*** Information ***

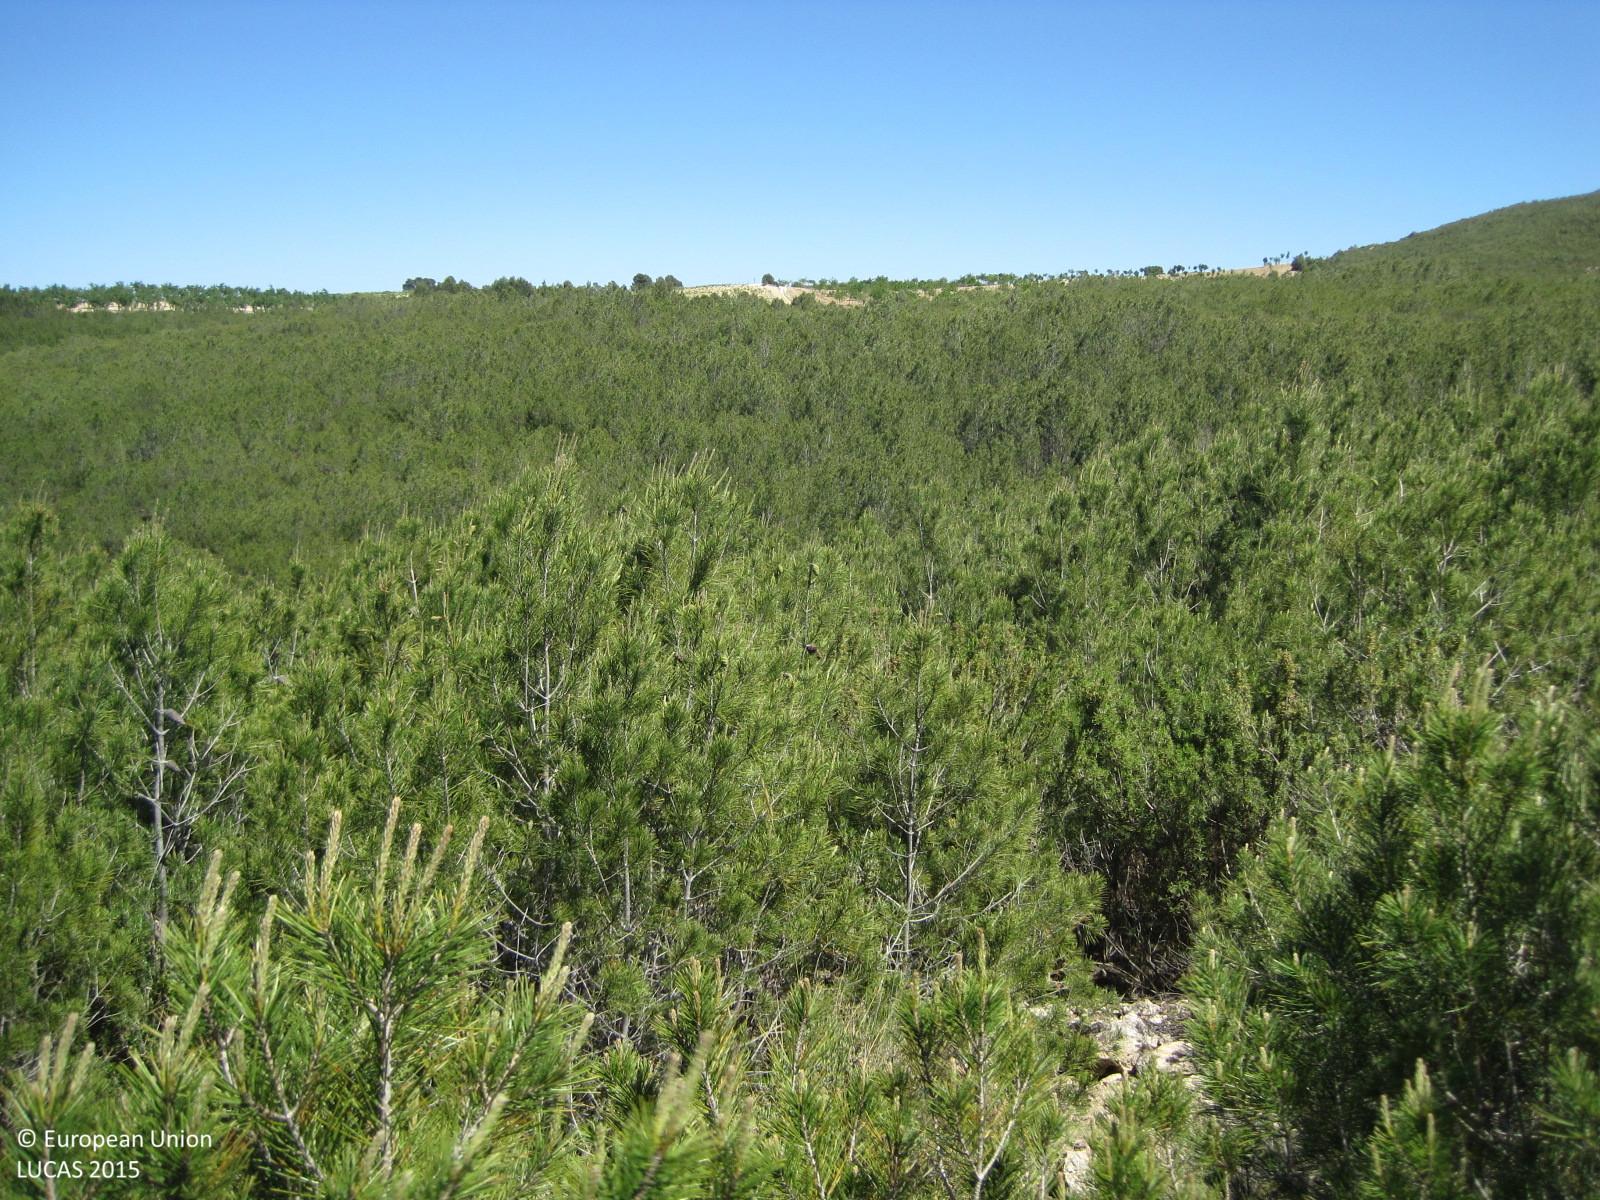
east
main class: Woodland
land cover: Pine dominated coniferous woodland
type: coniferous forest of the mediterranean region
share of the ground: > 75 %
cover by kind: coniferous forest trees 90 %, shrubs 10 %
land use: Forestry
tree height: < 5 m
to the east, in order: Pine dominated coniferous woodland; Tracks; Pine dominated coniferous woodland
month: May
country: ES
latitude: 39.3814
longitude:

*** End of Information ***

Please copy each line of the entries in which the word "coniferous" shows up.

land cover: Pine dominated coniferous woodland
type: coniferous forest of the mediterranean region
cover by kind: coniferous forest trees 90 %, shrubs 10 %
to the east, in order: Pine dominated coniferous woodland; Tracks; Pine dominated coniferous woodland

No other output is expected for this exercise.